In 1981 Ali lost his last fight to Trevor Berbick. He was out of shape and nearly 40 years old. To this day, he’s the only man ever to win the heavyweight crown three times.
In 1996 Muhammad Ali reappeared after years away from the spotlight. As millions watched he lit the cauldron at Atlanta’s Olympic Games. These were the first Summer Olympics on American soil since 1984. And only the second summer games held in this country since the 1932. It was a moment for the ages.
A whole new generation praised the man’s courage and humility. The light-heavyweight boxing champ of the 1960 games was back. This time around he wasn’t a brash teenager old from Louisville. He was something far greater. Finally after all of these years, the whole world could see Ali for who he really was. A great man who cared about people. All people.
Once again he showed us just how free he could be. The Parkinson’s disease that stole his speech, and made his movements shaky couldn’t defeat him. The proud champion who never backed down from a fight stood there shaking in the Georgia night. He showed us grace and greatness.
Muhammad Ali was one of my earliest heroes. At a young age I could tell this was a very special kind of black man. He never once bowed, scraped or apologized. His pride was self-evident.
Of course, not all blacks loved him. He scared the bejeezus out of some people. My own grandfather refused to call him Muhammad Ali and always referred to him as “Clay.” I never asked why, but I thought I understood.
This new kind of black man was just too much for him and lots of other black folks. Ali particularly irked black folks who grew up admiring the humility of Joe Louis. Or who understood the stoic grace of Jackie Robinson, a man who dealt with vile racism every day of his career.
My generation understood why Ali changed his name. He was definitely not a Clay. None of us were Clays, or Morgans, or Turners or any other white man’s name. He made most of us see that. In order to be a free black man you had to see that too. Even if you never changed your own name or became a Muslim. Those things were beside the point.
Muhammad Ali was important to a generation of African American men. But really he belonged to all people. In the end he didn’t allow society to put him into a convenient little box. For this man was truly a world citizen. And he was always himself, no matter where he was or who he was with. This is unusual for anybody, but especially for a black man born in 1942.

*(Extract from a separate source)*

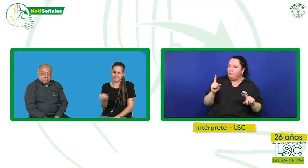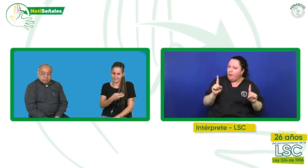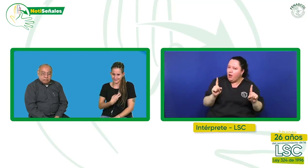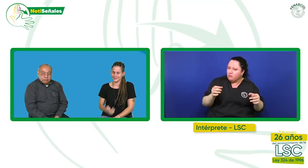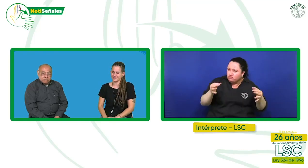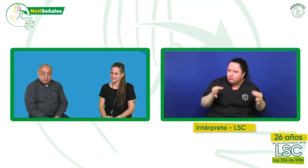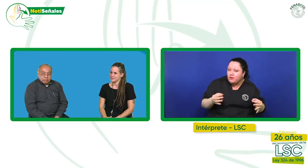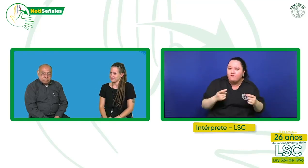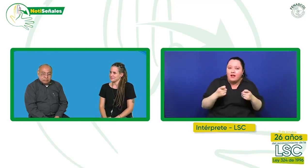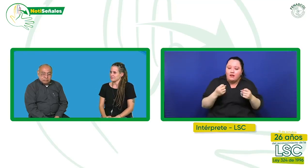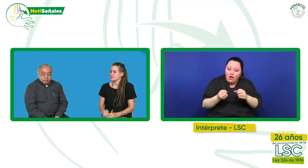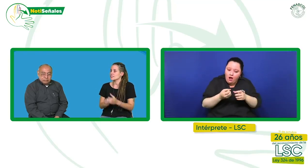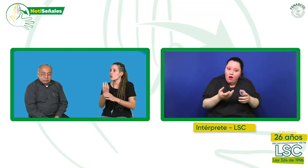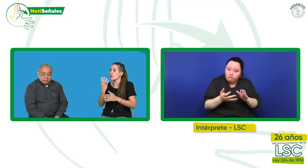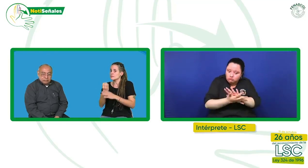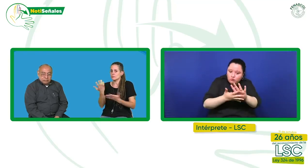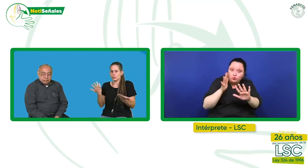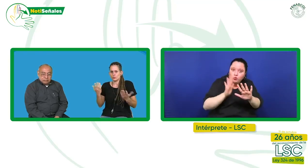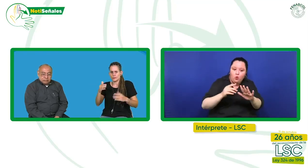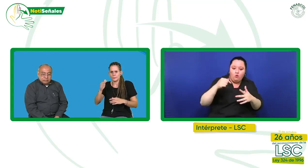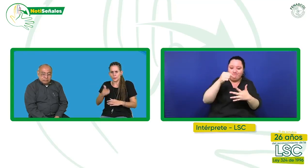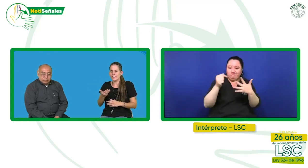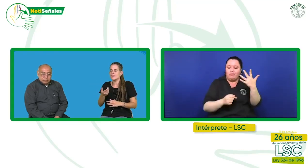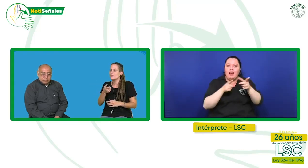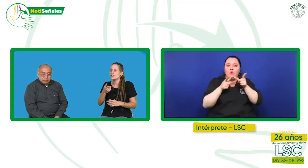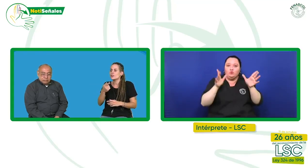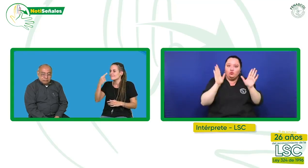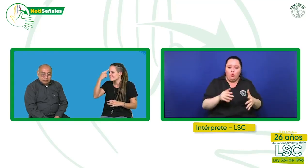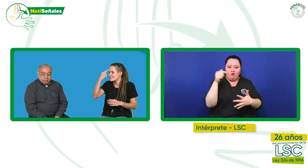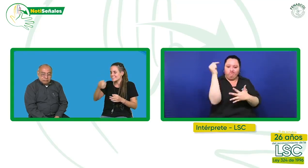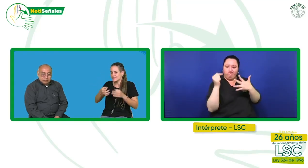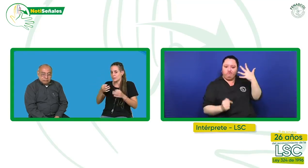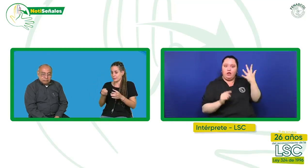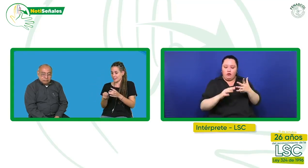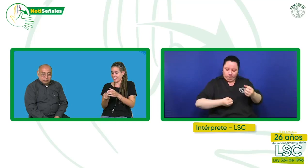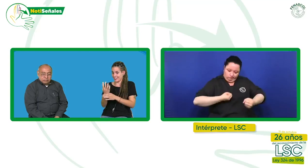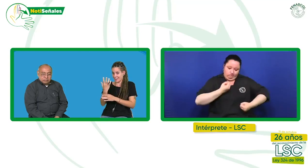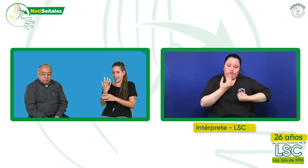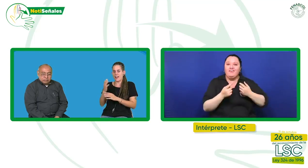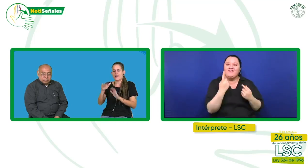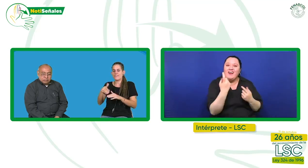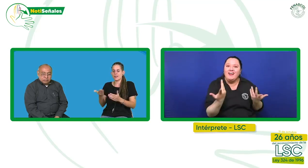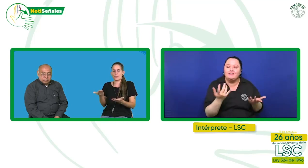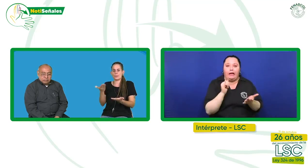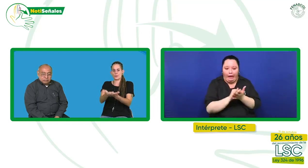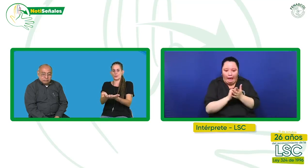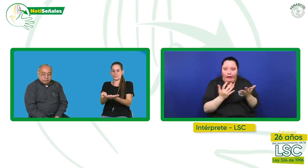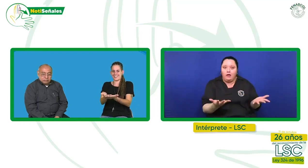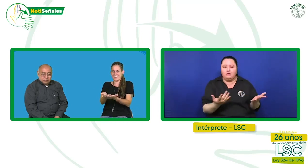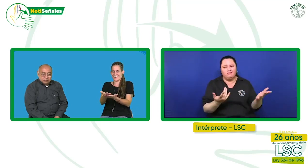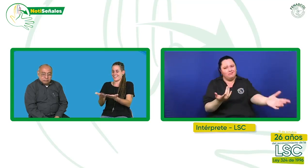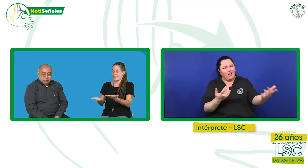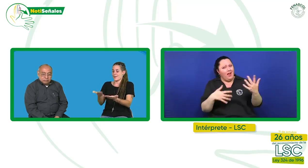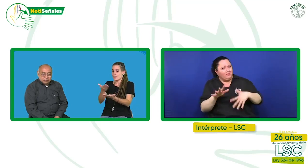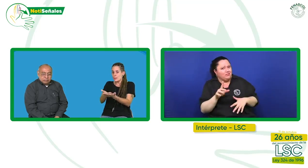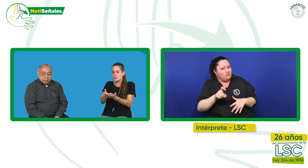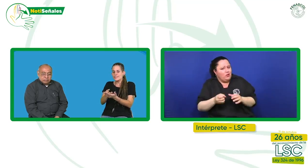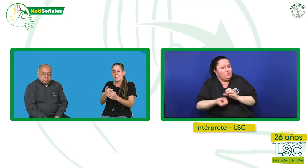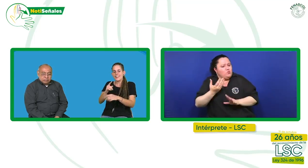es explotar los recursos lingüísticos y léxicos de nuestra propia lengua. No necesitamos, creo que
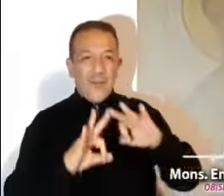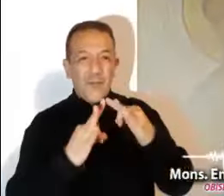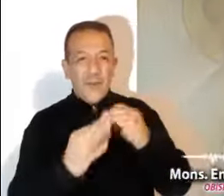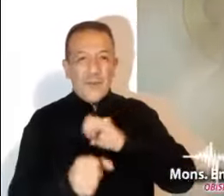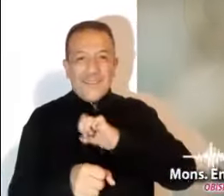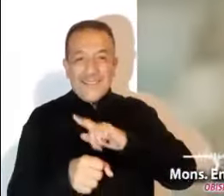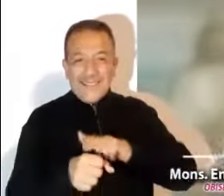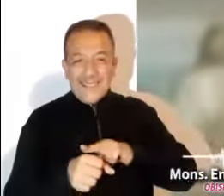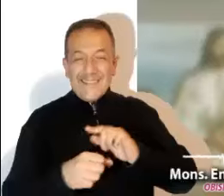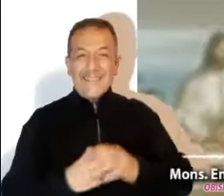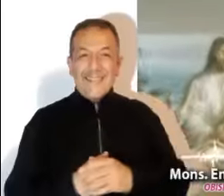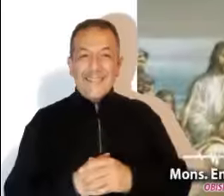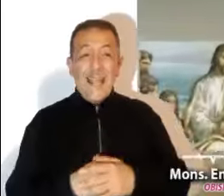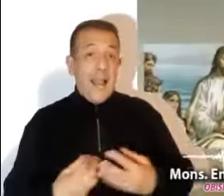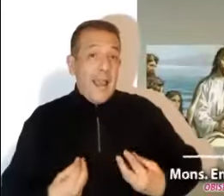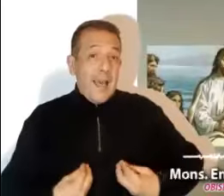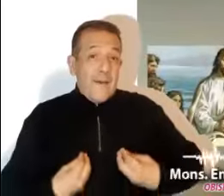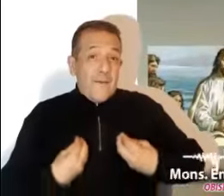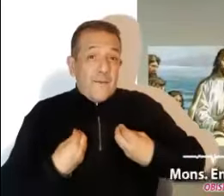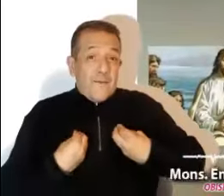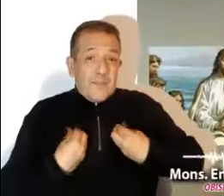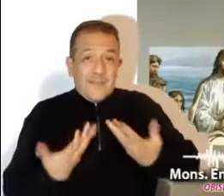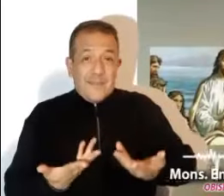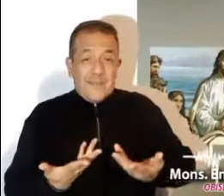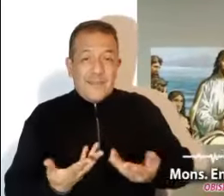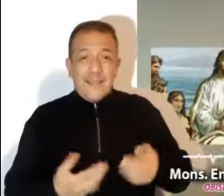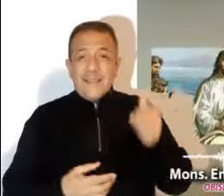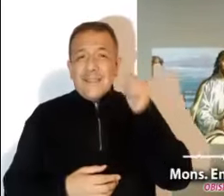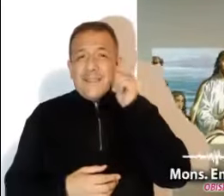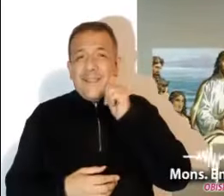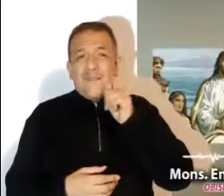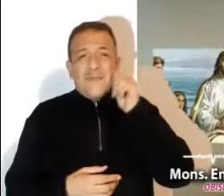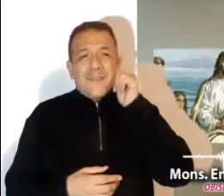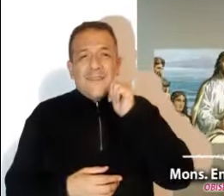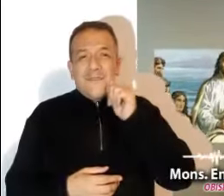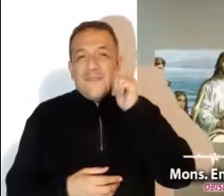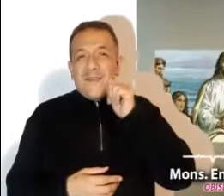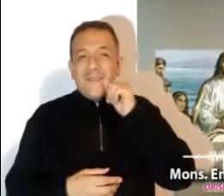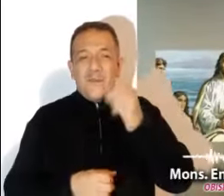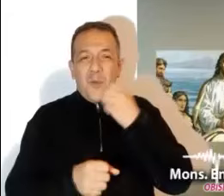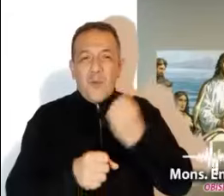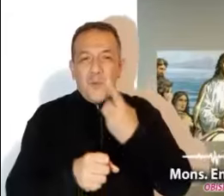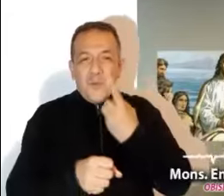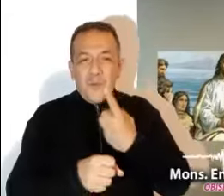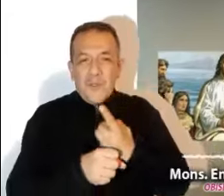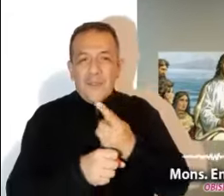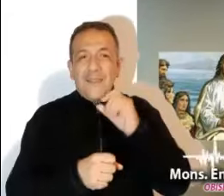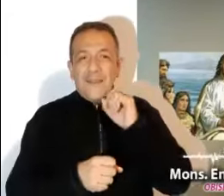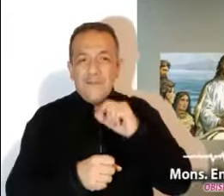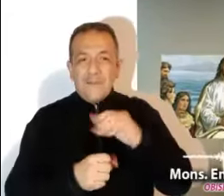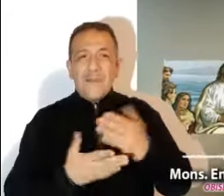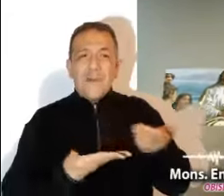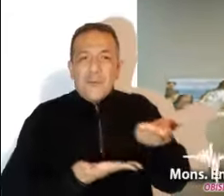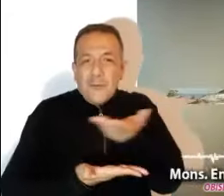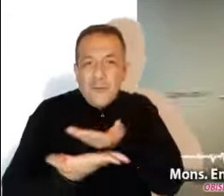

Ali was known and admired all over the world. You would be hard pressed to find even a tiny village where nobody ever heard of him. To many he’s the face of Islam in America. And he’s played that role ever since he left Elijah Muhammad’s Nation of Islam back in the day.
Whenever he visited inner cities thousands would turn out just to catch a glimpse of the great man. They hoped to shake his hand, or touch his arm or even feel a piece of his clothing. He walked among the poor in forgotten corners of the world as U.N. Peace Ambassador, charming every one he met.
People showed love and affection for Ali even on his final ride. Thousands turned out along the route of his casket just to be in his presence one last time. His fans threw flowers at the hearse and rose petals were scattered along the route.
In one neighborhood, several young men ran alongside the vehicle carrying a sign that read: “Ali is the greatest, thanks 4 all the memories.”
At his funeral in Louisville, speakers of nearly all faiths praised the life and work of this great man. People of all races turned out to thank to the champ for being a courageous fighter in an out of the ring. Make no mistake about it, there will never be another Muhammad Ali.